[Records from a collection]
● ● ●
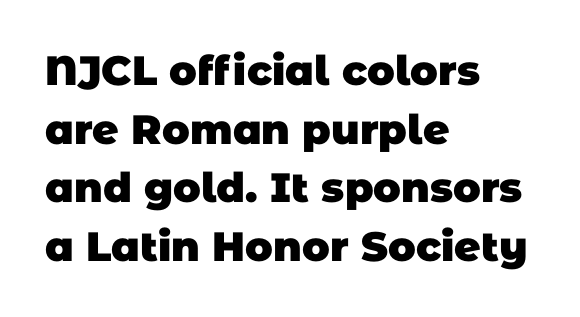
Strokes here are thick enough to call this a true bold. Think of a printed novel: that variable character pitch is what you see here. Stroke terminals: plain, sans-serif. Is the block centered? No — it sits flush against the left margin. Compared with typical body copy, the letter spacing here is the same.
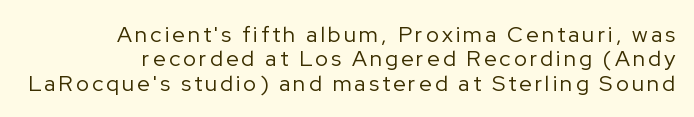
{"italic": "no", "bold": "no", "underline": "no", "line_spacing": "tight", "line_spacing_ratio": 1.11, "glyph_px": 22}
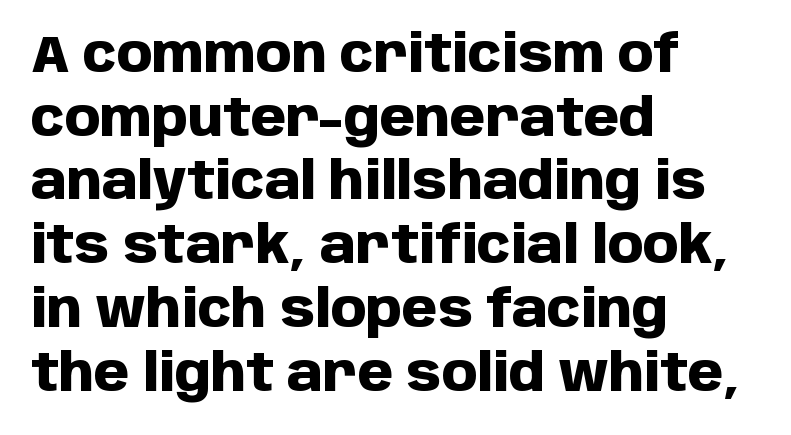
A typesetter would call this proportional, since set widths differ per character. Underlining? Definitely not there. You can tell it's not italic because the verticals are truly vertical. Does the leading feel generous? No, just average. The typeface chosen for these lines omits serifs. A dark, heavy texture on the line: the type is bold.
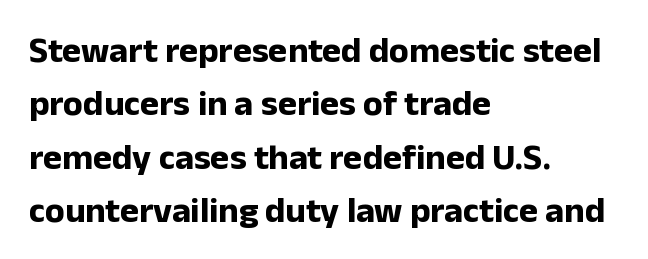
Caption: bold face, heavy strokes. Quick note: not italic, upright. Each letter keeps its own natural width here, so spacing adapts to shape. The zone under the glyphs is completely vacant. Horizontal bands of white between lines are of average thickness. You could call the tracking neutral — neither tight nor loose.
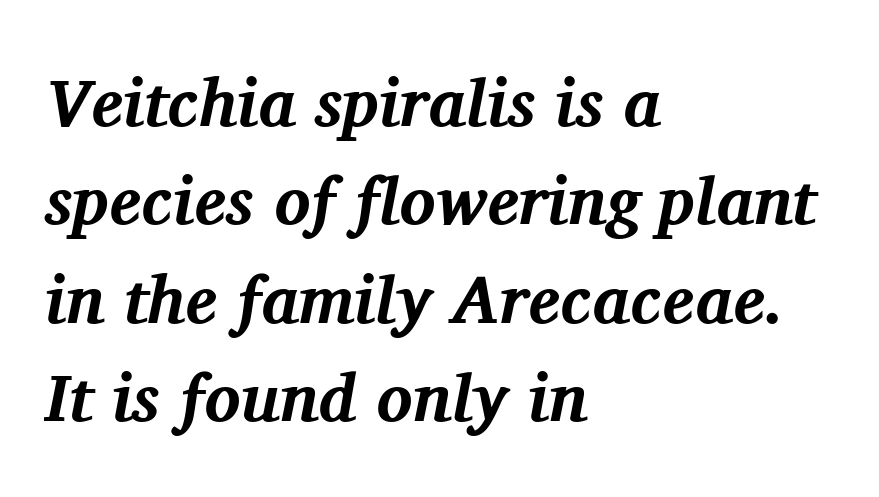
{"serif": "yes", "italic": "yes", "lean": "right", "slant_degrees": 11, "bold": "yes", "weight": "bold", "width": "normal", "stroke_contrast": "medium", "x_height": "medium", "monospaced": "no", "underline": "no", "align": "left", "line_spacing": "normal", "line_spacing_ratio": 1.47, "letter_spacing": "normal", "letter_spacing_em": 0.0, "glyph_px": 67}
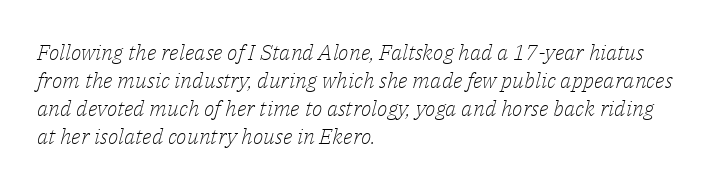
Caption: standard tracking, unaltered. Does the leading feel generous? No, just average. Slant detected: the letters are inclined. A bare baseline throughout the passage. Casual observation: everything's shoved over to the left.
● ● ●
• _Your instructions_:
Read the entries and pick out all lines that include the word "tight".

• _Solved exercise_:
{"italic": "no", "bold": "no", "underline": "no", "line_spacing": "tight", "line_spacing_ratio": 1.11, "glyph_px": 22}
Caption: bold face, heavy strokes. Quick note: not italic, upright. Each letter keeps its own natural width here, so spacing adapts to shape. The zone under the glyphs is completely vacant. Horizontal bands of white between lines are of average thickness. You could call the tracking neutral — neither tight nor loose.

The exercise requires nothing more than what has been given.